**Exercise requirements:** Lift out all lines below that contain "rectangular".

═════ Records provided

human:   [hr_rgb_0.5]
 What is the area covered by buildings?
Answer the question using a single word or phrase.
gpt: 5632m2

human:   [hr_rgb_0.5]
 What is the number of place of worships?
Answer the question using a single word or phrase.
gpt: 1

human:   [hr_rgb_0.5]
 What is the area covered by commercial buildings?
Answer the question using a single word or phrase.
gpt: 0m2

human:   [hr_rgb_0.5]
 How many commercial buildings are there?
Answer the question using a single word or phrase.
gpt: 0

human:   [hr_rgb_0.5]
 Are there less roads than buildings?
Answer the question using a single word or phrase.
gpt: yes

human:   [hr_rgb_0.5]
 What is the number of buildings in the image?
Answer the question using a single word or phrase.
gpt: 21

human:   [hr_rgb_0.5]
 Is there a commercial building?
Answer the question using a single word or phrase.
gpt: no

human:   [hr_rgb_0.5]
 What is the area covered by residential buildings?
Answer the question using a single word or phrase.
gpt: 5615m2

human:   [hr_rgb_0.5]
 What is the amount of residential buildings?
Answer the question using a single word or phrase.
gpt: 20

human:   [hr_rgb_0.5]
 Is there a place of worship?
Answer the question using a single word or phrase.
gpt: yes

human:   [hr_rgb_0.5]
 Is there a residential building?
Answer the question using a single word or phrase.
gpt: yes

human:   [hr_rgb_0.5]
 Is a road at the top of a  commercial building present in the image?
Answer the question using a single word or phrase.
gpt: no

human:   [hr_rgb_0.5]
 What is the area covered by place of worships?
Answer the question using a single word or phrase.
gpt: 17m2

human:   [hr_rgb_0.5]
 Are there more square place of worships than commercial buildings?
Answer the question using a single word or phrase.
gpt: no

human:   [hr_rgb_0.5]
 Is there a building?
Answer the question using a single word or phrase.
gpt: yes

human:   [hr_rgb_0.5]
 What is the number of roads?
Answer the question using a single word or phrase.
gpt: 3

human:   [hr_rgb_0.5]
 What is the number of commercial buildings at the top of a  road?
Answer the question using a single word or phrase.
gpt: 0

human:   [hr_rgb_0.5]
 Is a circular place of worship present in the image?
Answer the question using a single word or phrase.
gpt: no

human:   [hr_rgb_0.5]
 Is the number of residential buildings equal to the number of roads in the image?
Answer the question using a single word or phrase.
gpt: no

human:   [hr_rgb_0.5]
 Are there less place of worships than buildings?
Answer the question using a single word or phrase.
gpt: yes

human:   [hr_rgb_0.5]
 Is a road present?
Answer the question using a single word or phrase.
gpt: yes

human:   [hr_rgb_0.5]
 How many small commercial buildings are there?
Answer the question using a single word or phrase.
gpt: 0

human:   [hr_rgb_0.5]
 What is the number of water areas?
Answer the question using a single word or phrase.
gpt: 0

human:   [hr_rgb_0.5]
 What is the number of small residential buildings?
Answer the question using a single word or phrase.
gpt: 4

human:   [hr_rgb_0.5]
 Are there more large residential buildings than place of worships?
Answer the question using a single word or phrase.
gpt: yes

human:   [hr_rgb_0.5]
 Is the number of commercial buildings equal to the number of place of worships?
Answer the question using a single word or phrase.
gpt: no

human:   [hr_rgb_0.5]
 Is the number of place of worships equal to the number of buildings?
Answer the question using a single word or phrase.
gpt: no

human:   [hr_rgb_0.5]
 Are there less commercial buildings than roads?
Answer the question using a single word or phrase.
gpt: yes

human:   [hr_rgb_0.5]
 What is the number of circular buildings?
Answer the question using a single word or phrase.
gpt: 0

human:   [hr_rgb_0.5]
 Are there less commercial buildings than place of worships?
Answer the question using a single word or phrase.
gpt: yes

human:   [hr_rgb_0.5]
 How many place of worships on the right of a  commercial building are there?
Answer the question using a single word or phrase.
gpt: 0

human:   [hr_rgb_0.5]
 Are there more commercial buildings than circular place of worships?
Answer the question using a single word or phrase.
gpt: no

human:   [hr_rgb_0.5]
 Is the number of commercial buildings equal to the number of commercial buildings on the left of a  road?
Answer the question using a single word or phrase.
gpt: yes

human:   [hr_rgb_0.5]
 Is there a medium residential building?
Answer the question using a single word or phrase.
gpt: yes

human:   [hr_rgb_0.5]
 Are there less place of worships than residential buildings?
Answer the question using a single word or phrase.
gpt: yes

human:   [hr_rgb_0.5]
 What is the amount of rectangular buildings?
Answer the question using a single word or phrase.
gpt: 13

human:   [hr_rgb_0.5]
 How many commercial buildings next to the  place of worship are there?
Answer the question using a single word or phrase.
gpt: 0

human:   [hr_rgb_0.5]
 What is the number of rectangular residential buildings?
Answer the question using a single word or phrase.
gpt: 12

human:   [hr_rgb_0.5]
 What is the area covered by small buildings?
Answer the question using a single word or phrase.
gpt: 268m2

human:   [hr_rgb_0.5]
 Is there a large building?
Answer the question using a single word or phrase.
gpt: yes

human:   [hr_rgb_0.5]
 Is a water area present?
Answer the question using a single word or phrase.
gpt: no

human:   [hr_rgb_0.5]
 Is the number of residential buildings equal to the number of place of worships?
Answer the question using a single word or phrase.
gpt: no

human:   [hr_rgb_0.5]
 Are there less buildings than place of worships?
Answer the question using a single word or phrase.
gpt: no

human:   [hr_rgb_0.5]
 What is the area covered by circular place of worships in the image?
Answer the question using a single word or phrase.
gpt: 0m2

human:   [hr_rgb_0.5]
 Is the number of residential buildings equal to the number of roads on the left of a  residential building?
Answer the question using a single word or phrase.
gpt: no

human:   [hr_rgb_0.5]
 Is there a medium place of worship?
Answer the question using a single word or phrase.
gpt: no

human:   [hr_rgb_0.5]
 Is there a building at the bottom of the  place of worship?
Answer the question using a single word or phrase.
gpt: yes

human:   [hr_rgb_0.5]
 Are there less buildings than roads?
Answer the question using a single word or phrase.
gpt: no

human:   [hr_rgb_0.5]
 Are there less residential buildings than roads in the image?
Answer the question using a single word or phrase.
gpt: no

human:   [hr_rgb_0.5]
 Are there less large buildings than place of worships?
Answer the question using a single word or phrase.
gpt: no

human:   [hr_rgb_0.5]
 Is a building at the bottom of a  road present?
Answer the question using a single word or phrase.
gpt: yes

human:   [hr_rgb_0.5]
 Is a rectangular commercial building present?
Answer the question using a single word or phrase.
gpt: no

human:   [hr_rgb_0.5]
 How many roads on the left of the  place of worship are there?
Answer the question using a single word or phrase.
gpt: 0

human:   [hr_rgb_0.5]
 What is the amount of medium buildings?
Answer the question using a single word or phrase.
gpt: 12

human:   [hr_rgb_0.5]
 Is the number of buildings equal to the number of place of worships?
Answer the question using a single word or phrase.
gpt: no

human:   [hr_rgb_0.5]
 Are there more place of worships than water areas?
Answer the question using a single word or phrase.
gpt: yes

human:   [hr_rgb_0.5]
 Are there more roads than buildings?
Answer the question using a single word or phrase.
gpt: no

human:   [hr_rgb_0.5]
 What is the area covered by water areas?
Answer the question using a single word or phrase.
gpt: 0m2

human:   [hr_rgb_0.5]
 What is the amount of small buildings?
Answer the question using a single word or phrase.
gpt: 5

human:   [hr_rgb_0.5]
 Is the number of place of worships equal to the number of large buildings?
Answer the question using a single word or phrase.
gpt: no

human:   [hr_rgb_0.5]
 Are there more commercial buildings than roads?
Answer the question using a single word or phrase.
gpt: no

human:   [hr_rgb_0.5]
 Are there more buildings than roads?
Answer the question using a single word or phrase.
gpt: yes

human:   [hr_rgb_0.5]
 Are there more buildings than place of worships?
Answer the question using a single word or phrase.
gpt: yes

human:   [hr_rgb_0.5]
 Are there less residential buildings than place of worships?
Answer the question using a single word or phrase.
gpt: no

══════════

**Response below:**
 What is the amount of rectangular buildings?
 What is the number of rectangular residential buildings?
 Is a rectangular commercial building present?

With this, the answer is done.